Airway management procedures are critical for emergency medicine (EM) physicians, but rarely performed skills in pediatric patients. Worldwide experience with respect to frequency and confidence in performing airway management skills has not been previously described.

Objectives

Our aims were 1) to determine the frequency with which emergency medicine physicians perform airway procedures including: bag-mask ventilation (BMV), endotracheal intubation (ETI), laryngeal mask airway (LMA) insertion, tracheostomy tube change (TTC), and surgical airways, and 2) to investigate predictors of procedural confidence regarding advanced airway management in children.

Methods

A web-based survey of senior emergency physicians was distributed through the six research networks associated with Pediatric Emergency Research Network (PERN). Senior physician was defined as anyone working without direct supervision at any point in a 24-h cycle. Physicians were queried regarding their most recent clinical experience performing or supervising airway procedures, as well as with hands on practice time or procedural teaching. Reponses were dichotomized to within the last year, or ≥ 1 year. Confidence was assessed using a Likert scale for each procedure, with results for ETI and LMA stratified by age. Response levels were dichotomized to “not confident” or “confident.” Multivariate regression models were used to assess relevant associations.

Results

1602 of 2446 (65%) eligible clinicians at 96 PERN sites responded. In the previous year, 1297 (85%) physicians reported having performed bag-mask ventilation, 900 (59%) had performed intubation, 248 (17%) had placed a laryngeal mask airway, 348 (23%) had changed a tracheostomy tube, and 18 (1%) had performed a surgical airway. Of respondents, 13% of physicians reported the opportunity to supervise but not provide ETI, 5% for LMA and 5% for BMV. The percentage of physicians reporting “confidence” in performing each procedure was: BMV (95%) TTC (43%), and surgical airway (16%). Clinician confidence in ETT and LMA varied by patient age. Supervision of an airway procedure was the strongest predictor of procedural confidence across airway procedures.

Conclusion

BMV and ETI were the most commonly performed pediatric airway procedures by emergency medicine physicians, and surgical airways are very infrequent. Supervising airway procedures may serve to maintain procedural confidence for physicians despite infrequent opportunities as the primary proceduralist.

Introduction

The ability to successfully perform critical procedural skills is fundamental to the care of seriously ill and injured children. Effective management of the pediatric airway is central to such resuscitative efforts. Pediatric arrest more commonly results from respiratory rather than cardiac etiology, and therefore early and effective airway management can be life-saving [1].
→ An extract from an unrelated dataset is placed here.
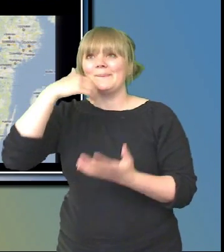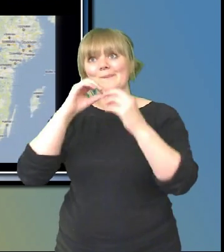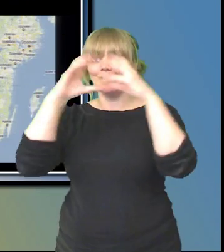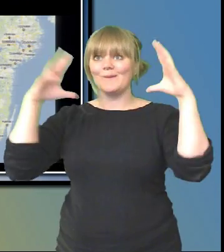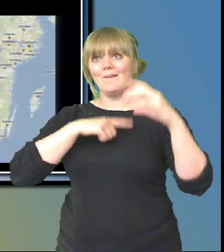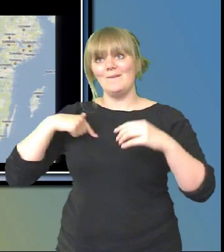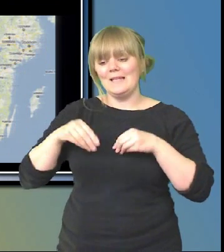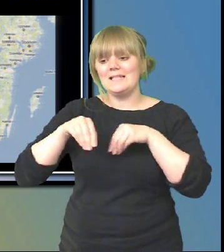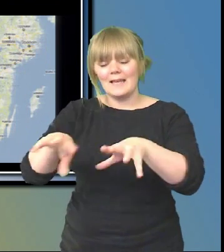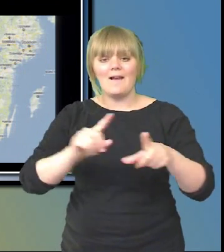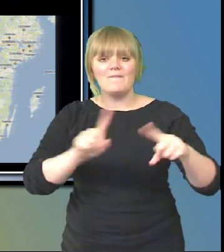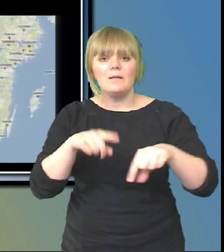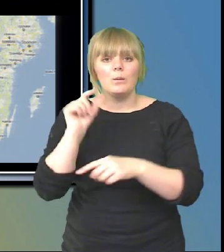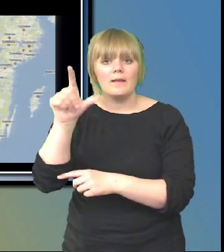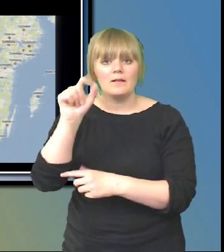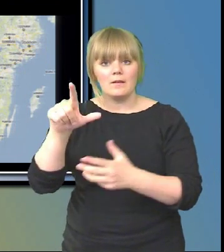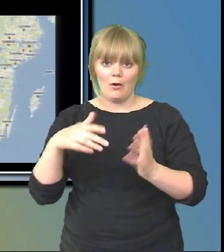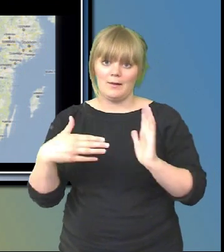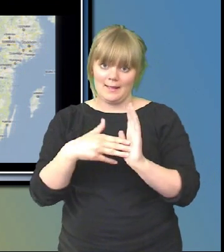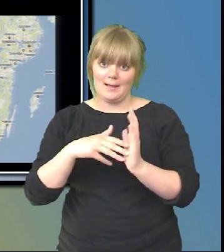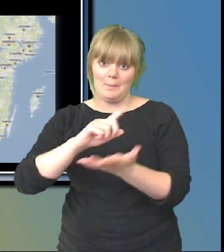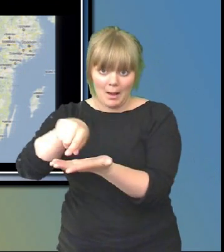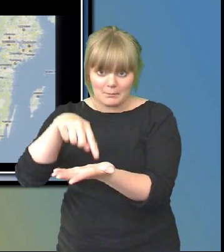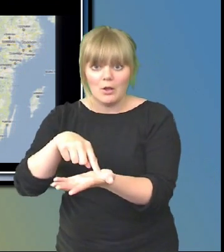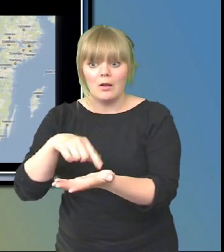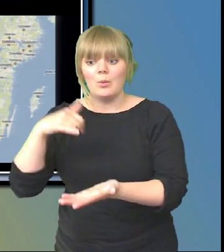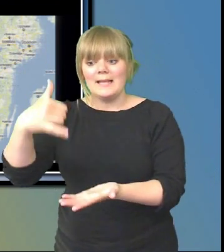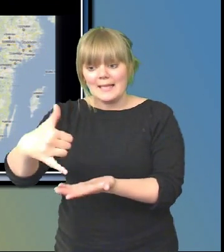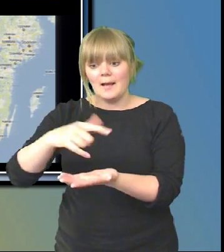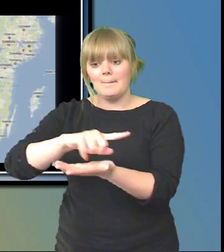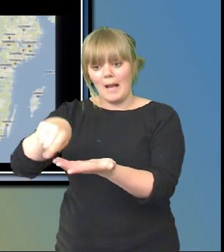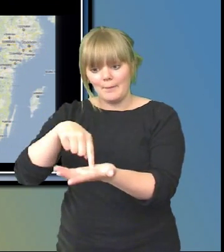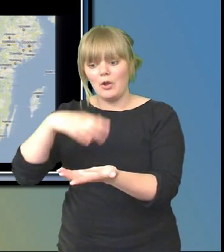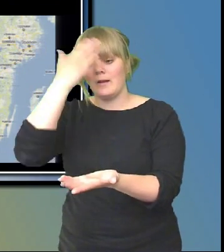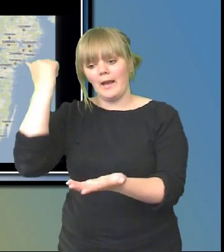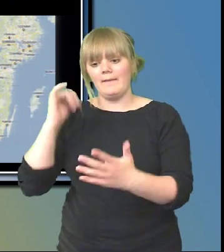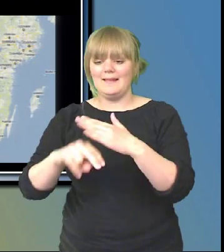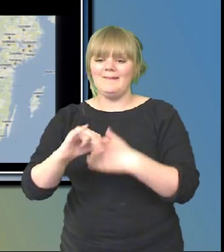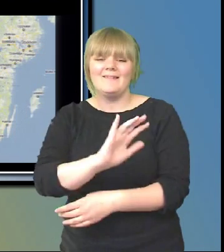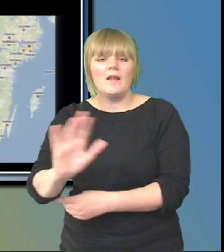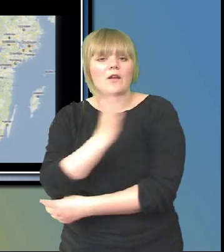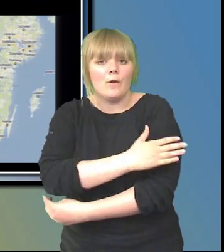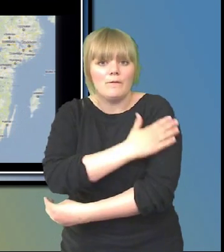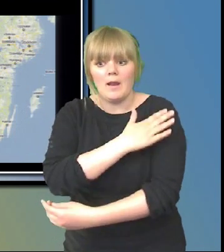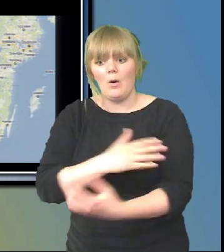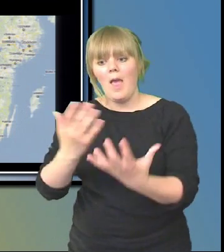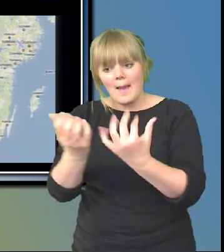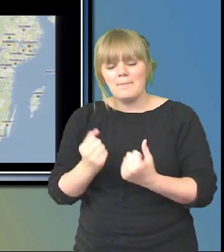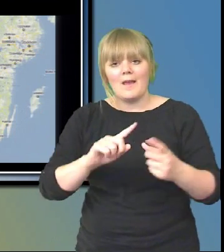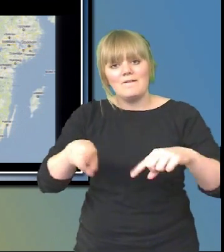paketen dit så att säga. där har de så att det är där man kan gå in och deras servrar och hämta videoströmmen till alla spelare som folk sitter och

Critical illness and injury occurs less commonly in children than in adults [[2], [3], [4], [5]]. Data suggest that the need for endotracheal intubation in pediatric patients presenting to the emergency department (ED) ranges from 0.6 to 3.3 cases per thousand visits [6,7]. Therefore, clinical opportunities for emergency medicine (EM) physicians to manage pediatric airways may be limited. For EDs seeing small volumes of children, the absolute number of airway procedures performed will therefore be very low. Even for high volume pediatric EDs, including tertiary care children's hospitals, clinical opportunities are often directed first toward those in training, or divided amongst a large number of practicing EM physicians or other airway specialists [8]. The result is a relative paucity of clinical opportunities to manage pediatric airways, with the potential for long intervals during which such airway management skills are not utilized [8,9].
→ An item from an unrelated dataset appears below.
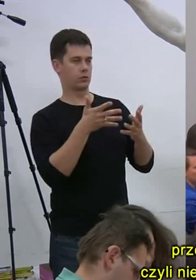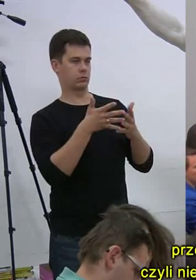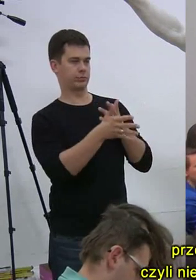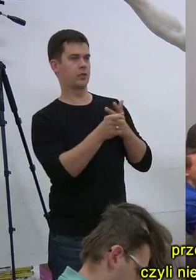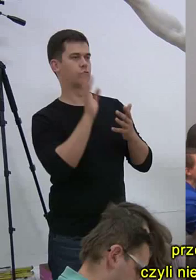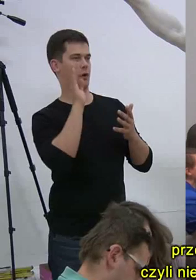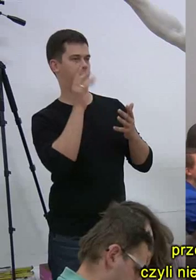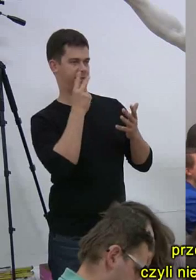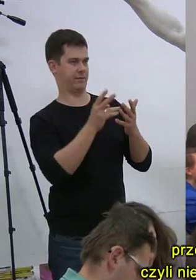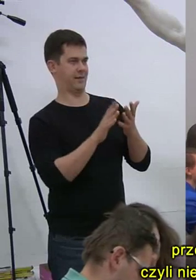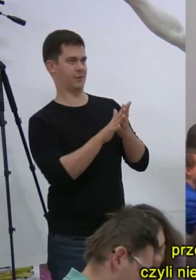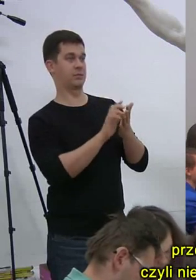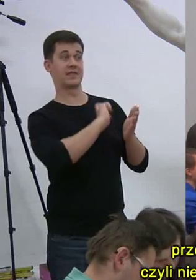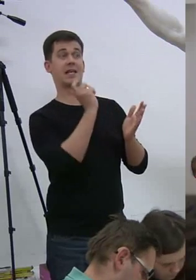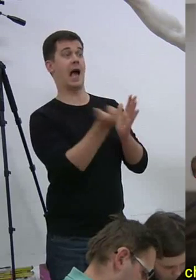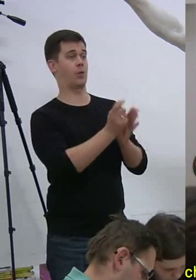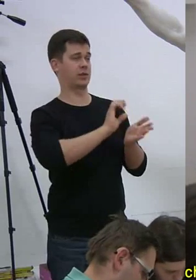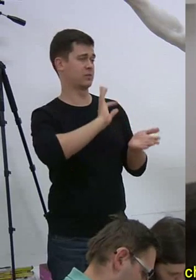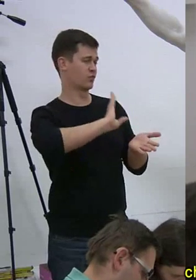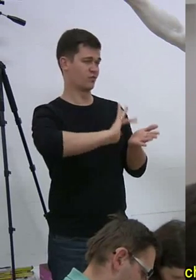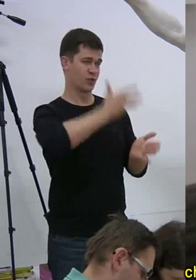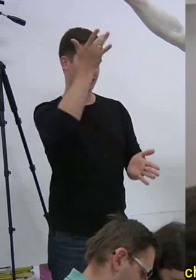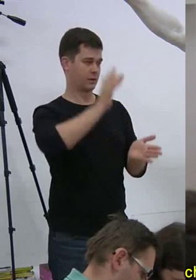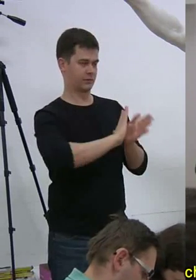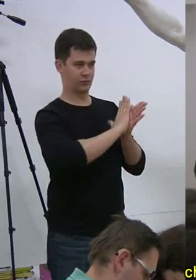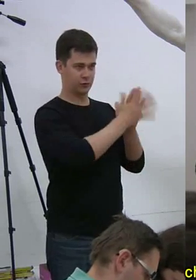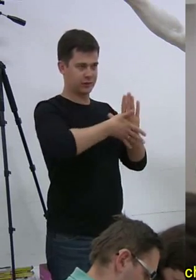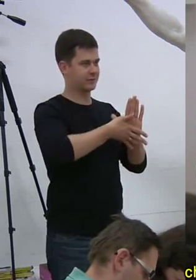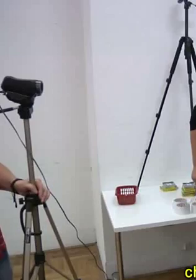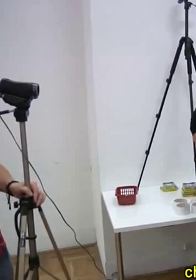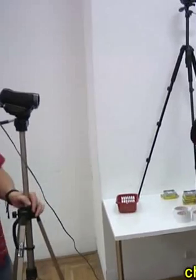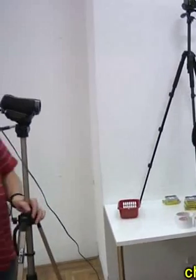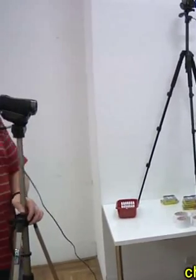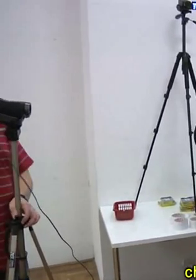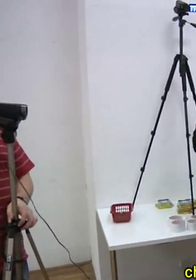tektura, czyli nie wszystko zostało pokryte. Czy masz jeszcze chciałby opowiedzieć?

Prior investigations have aimed to determine how frequently EM physicians perform airway management skills in children. Available data comes largely from investigations that provide single center estimates or focus on institutional rather than physician level experience [[7], [8], [9], [10], [11], [12], [13], [14]]. One study surveyed EM physicians throughout the United States, but had a relatively low survey response rate and did not include physicians in other parts of the world [15]. In addition, prior queries have not captured experience across the entire spectrum of airway management procedures.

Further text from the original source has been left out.